The purpose of this workshop is to bring together researchers from the wider field of perinatal and paediatric imaging, to help bridge the gap between antenatal, obstetric, and neonatal healthcare (within the so-called perinatal period, which refers to the time immediately before and after birth), and follow-up monitoring by paediatricians, using a range of quantitative imaging techniques correlated to neurodevelopmental functional tests, that are not necessarily limited to the brain.

The link between fetal organ measurement and growth characterisation, and correlation with neonatal and paediatric outcome is still an open research topic, which this workshop is trying to address.
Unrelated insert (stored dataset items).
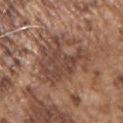  biopsy_status: not biopsied; imaged during a skin examination
  lesion_size:
    long_diameter_mm_approx: 6.5
  site: arm
  lighting: white-light
  patient:
    sex: male
    age_approx: 75
  automated_metrics:
    vs_skin_darker_L: 9.0
    vs_skin_contrast_norm: 7.0
    border_irregularity_0_10: 7.5
    peripheral_color_asymmetry: 1.5
    lesion_detection_confidence_0_100: 80
  image:
    source: total-body photography crop
    field_of_view_mm: 15
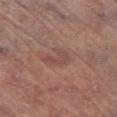  biopsy_status: not biopsied; imaged during a skin examination
  lesion_size:
    long_diameter_mm_approx: 3.5
  image:
    source: total-body photography crop
    field_of_view_mm: 15
  patient:
    sex: male
    age_approx: 70
  site: right lower leg
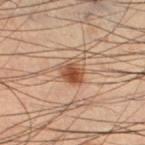• follow-up: total-body-photography surveillance lesion; no biopsy
• image: ~15 mm crop, total-body skin-cancer survey
• diameter: about 3 mm
• location: the left lower leg
• subject: male, aged around 55
• lighting: cross-polarized
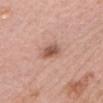follow-up=imaged on a skin check; not biopsied
tile lighting=white-light
site=the head or neck
image-analysis metrics=a footprint of about 5 mm²; an average lesion color of about L≈55 a*≈22 b*≈28 (CIELAB), a lesion–skin lightness drop of about 12, and a normalized lesion–skin contrast near 8; an automated nevus-likeness rating near 90 out of 100
image=~15 mm tile from a whole-body skin photo
patient=female, aged approximately 60
lesion diameter=about 2.5 mm
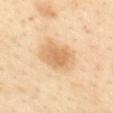{"biopsy_status": "not biopsied; imaged during a skin examination", "lesion_size": {"long_diameter_mm_approx": 4.5}, "lighting": "cross-polarized", "site": "mid back", "patient": {"sex": "female", "age_approx": 40}, "image": {"source": "total-body photography crop", "field_of_view_mm": 15}}
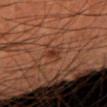Captured during whole-body skin photography for melanoma surveillance; the lesion was not biopsied. From the right forearm. The total-body-photography lesion software estimated an area of roughly 3.5 mm² and a shape eccentricity near 0.8. And it measured a border-irregularity index near 3.5/10, a within-lesion color-variation index near 2/10, and a peripheral color-asymmetry measure near 0.5. The software also gave a nevus-likeness score of about 5/100 and lesion-presence confidence of about 100/100. Measured at roughly 2.5 mm in maximum diameter. A 15 mm crop from a total-body photograph taken for skin-cancer surveillance. Captured under cross-polarized illumination. A male subject, aged approximately 60.
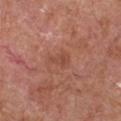Clinical impression:
Captured during whole-body skin photography for melanoma surveillance; the lesion was not biopsied.
Acquisition and patient details:
The recorded lesion diameter is about 2.5 mm. An algorithmic analysis of the crop reported an area of roughly 4 mm², an eccentricity of roughly 0.75, and a symmetry-axis asymmetry near 0.5. The software also gave an average lesion color of about L≈48 a*≈25 b*≈30 (CIELAB) and roughly 6 lightness units darker than nearby skin. The analysis additionally found a nevus-likeness score of about 0/100 and a lesion-detection confidence of about 100/100. The lesion is on the chest. The patient is a male about 65 years old. A lesion tile, about 15 mm wide, cut from a 3D total-body photograph.
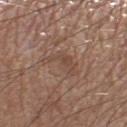The lesion was photographed on a routine skin check and not biopsied; there is no pathology result.
The lesion-visualizer software estimated a lesion area of about 7.5 mm² and two-axis asymmetry of about 0.55. The software also gave a lesion color around L≈47 a*≈18 b*≈25 in CIELAB and a normalized border contrast of about 4.5. It also reported internal color variation of about 2.5 on a 0–10 scale and peripheral color asymmetry of about 1.
This is a white-light tile.
The subject is a male aged 53 to 57.
Cropped from a total-body skin-imaging series; the visible field is about 15 mm.
Located on the right lower leg.
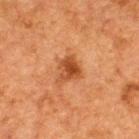Part of a total-body skin-imaging series; this lesion was reviewed on a skin check and was not flagged for biopsy. An algorithmic analysis of the crop reported an eccentricity of roughly 0.55 and a shape-asymmetry score of about 0.35 (0 = symmetric). And it measured a classifier nevus-likeness of about 85/100 and a lesion-detection confidence of about 100/100. This image is a 15 mm lesion crop taken from a total-body photograph. A male patient, aged 48 to 52. The lesion is located on the upper back. Imaged with cross-polarized lighting.
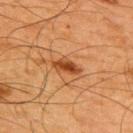Part of a total-body skin-imaging series; this lesion was reviewed on a skin check and was not flagged for biopsy. Automated tile analysis of the lesion measured a border-irregularity rating of about 3/10, a within-lesion color-variation index near 4.5/10, and peripheral color asymmetry of about 1.5. It also reported a lesion-detection confidence of about 100/100. The lesion is on the upper back. Measured at roughly 3.5 mm in maximum diameter. The subject is a male in their mid-60s. A roughly 15 mm field-of-view crop from a total-body skin photograph.
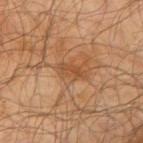Impression:
Imaged during a routine full-body skin examination; the lesion was not biopsied and no histopathology is available.
Acquisition and patient details:
This image is a 15 mm lesion crop taken from a total-body photograph. A male subject, roughly 65 years of age. On the arm.
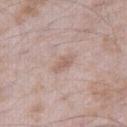Q: Is there a histopathology result?
A: total-body-photography surveillance lesion; no biopsy
Q: How was the tile lit?
A: white-light
Q: Automated lesion metrics?
A: a lesion area of about 3 mm²; a classifier nevus-likeness of about 0/100
Q: How was this image acquired?
A: ~15 mm tile from a whole-body skin photo
Q: What are the patient's age and sex?
A: male, in their mid- to late 40s
Q: Lesion location?
A: the right thigh
Q: How large is the lesion?
A: ~3 mm (longest diameter)
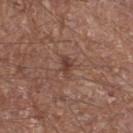Case summary:
– workup — no biopsy performed (imaged during a skin exam)
– subject — male, aged approximately 65
– anatomic site — the right thigh
– illumination — white-light
– size — about 2.5 mm
– image source — ~15 mm crop, total-body skin-cancer survey
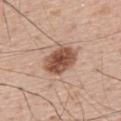Captured during whole-body skin photography for melanoma surveillance; the lesion was not biopsied. The lesion's longest dimension is about 4.5 mm. The lesion-visualizer software estimated a mean CIELAB color near L≈51 a*≈22 b*≈29 and about 16 CIELAB-L* units darker than the surrounding skin. This is a white-light tile. The lesion is on the back. A 15 mm close-up extracted from a 3D total-body photography capture. A male subject, roughly 65 years of age.
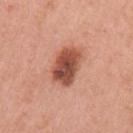Case summary:
– workup — no biopsy performed (imaged during a skin exam)
– illumination — white-light
– automated metrics — a shape eccentricity near 0.7
– patient — female, roughly 55 years of age
– imaging modality — ~15 mm tile from a whole-body skin photo
– size — ≈4.5 mm
– location — the left upper arm
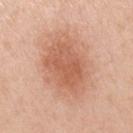workup: no biopsy performed (imaged during a skin exam)
patient: male, aged around 50
image: 15 mm crop, total-body photography
lesion diameter: about 8.5 mm
site: the right upper arm
illumination: white-light illumination
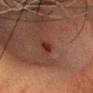Impression:
Captured during whole-body skin photography for melanoma surveillance; the lesion was not biopsied.
Clinical summary:
A lesion tile, about 15 mm wide, cut from a 3D total-body photograph. An algorithmic analysis of the crop reported a footprint of about 3 mm² and an eccentricity of roughly 0.85. The software also gave a lesion color around L≈26 a*≈22 b*≈22 in CIELAB, a lesion–skin lightness drop of about 7, and a normalized border contrast of about 8. It also reported a border-irregularity index near 2/10. Located on the head or neck. A male patient approximately 65 years of age. This is a cross-polarized tile.
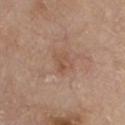patient: male, approximately 80 years of age
image-analysis metrics: an outline eccentricity of about 0.65 (0 = round, 1 = elongated) and two-axis asymmetry of about 0.3; about 6 CIELAB-L* units darker than the surrounding skin and a normalized border contrast of about 5
tile lighting: white-light
lesion diameter: ≈2.5 mm
image source: 15 mm crop, total-body photography
location: the chest
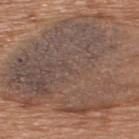No biopsy was performed on this lesion — it was imaged during a full skin examination and was not determined to be concerning. The patient is a male aged around 65. The lesion is on the upper back. A close-up tile cropped from a whole-body skin photograph, about 15 mm across. Approximately 14 mm at its widest. The tile uses white-light illumination.
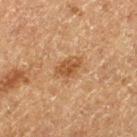A male patient aged 73 to 77. Longest diameter approximately 3.5 mm. Captured under cross-polarized illumination. The lesion is located on the left thigh. The total-body-photography lesion software estimated an area of roughly 6 mm², an outline eccentricity of about 0.75 (0 = round, 1 = elongated), and a symmetry-axis asymmetry near 0.3. And it measured a border-irregularity rating of about 3/10 and peripheral color asymmetry of about 1. Cropped from a total-body skin-imaging series; the visible field is about 15 mm.
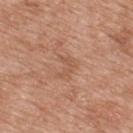follow-up: total-body-photography surveillance lesion; no biopsy | acquisition: total-body-photography crop, ~15 mm field of view | subject: male, in their 50s | location: the upper back.
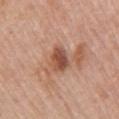Q: Is there a histopathology result?
A: catalogued during a skin exam; not biopsied
Q: Where on the body is the lesion?
A: the right upper arm
Q: What are the patient's age and sex?
A: female, in their mid-60s
Q: Lesion size?
A: about 3 mm
Q: Illumination type?
A: white-light illumination
Q: How was this image acquired?
A: ~15 mm tile from a whole-body skin photo
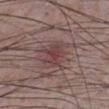{"biopsy_status": "not biopsied; imaged during a skin examination", "image": {"source": "total-body photography crop", "field_of_view_mm": 15}, "lesion_size": {"long_diameter_mm_approx": 3.0}, "lighting": "white-light", "automated_metrics": {"area_mm2_approx": 7.0, "eccentricity": 0.3, "shape_asymmetry": 0.35, "nevus_likeness_0_100": 100, "lesion_detection_confidence_0_100": 100}, "site": "left lower leg", "patient": {"sex": "male", "age_approx": 75}}
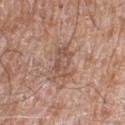Q: Is there a histopathology result?
A: imaged on a skin check; not biopsied
Q: Automated lesion metrics?
A: an outline eccentricity of about 0.9 (0 = round, 1 = elongated); a classifier nevus-likeness of about 0/100 and lesion-presence confidence of about 90/100
Q: What lighting was used for the tile?
A: white-light illumination
Q: Lesion location?
A: the right thigh
Q: What are the patient's age and sex?
A: male, aged 58–62
Q: Lesion size?
A: about 5 mm
Q: What kind of image is this?
A: ~15 mm tile from a whole-body skin photo
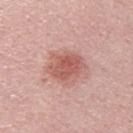lesion size = ~4 mm (longest diameter)
acquisition = ~15 mm tile from a whole-body skin photo
subject = male, about 30 years old
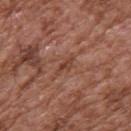Captured during whole-body skin photography for melanoma surveillance; the lesion was not biopsied.
The tile uses white-light illumination.
A 15 mm close-up extracted from a 3D total-body photography capture.
The total-body-photography lesion software estimated an area of roughly 2.5 mm², an outline eccentricity of about 0.95 (0 = round, 1 = elongated), and a shape-asymmetry score of about 0.35 (0 = symmetric). The analysis additionally found an average lesion color of about L≈42 a*≈23 b*≈29 (CIELAB), a lesion–skin lightness drop of about 8, and a lesion-to-skin contrast of about 6.5 (normalized; higher = more distinct).
From the upper back.
Approximately 3 mm at its widest.
A male subject, in their mid-70s.
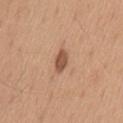The lesion was tiled from a total-body skin photograph and was not biopsied.
Located on the lower back.
Longest diameter approximately 3 mm.
A male patient aged 33–37.
A 15 mm close-up extracted from a 3D total-body photography capture.
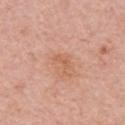notes = catalogued during a skin exam; not biopsied | patient = female, about 65 years old | image = 15 mm crop, total-body photography | location = the left upper arm.
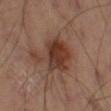The lesion was photographed on a routine skin check and not biopsied; there is no pathology result. A roughly 15 mm field-of-view crop from a total-body skin photograph. Captured under cross-polarized illumination. On the leg.
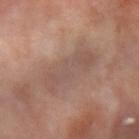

Examples for delayed organ development are thought to be caused by (often a combination of) intra-uterine growth restriction (IUGR), placental malfunction, intrauterine hypoxia and birth asphyxia, amongst many other factors.

Monitoring developmental health, in a “womb-to-cot” approach, using perinatal imaging will enable to gain a better understanding in the interaction of these factors, develop tools to assess individual risk profiles, and provide opportunities for early intervention to improve paediatric outcome.

The target audience of this workshop will be a multi-disciplinary mix of mathematicians, engineers, physicists, and obstetricians, neonatologists, paediatricians.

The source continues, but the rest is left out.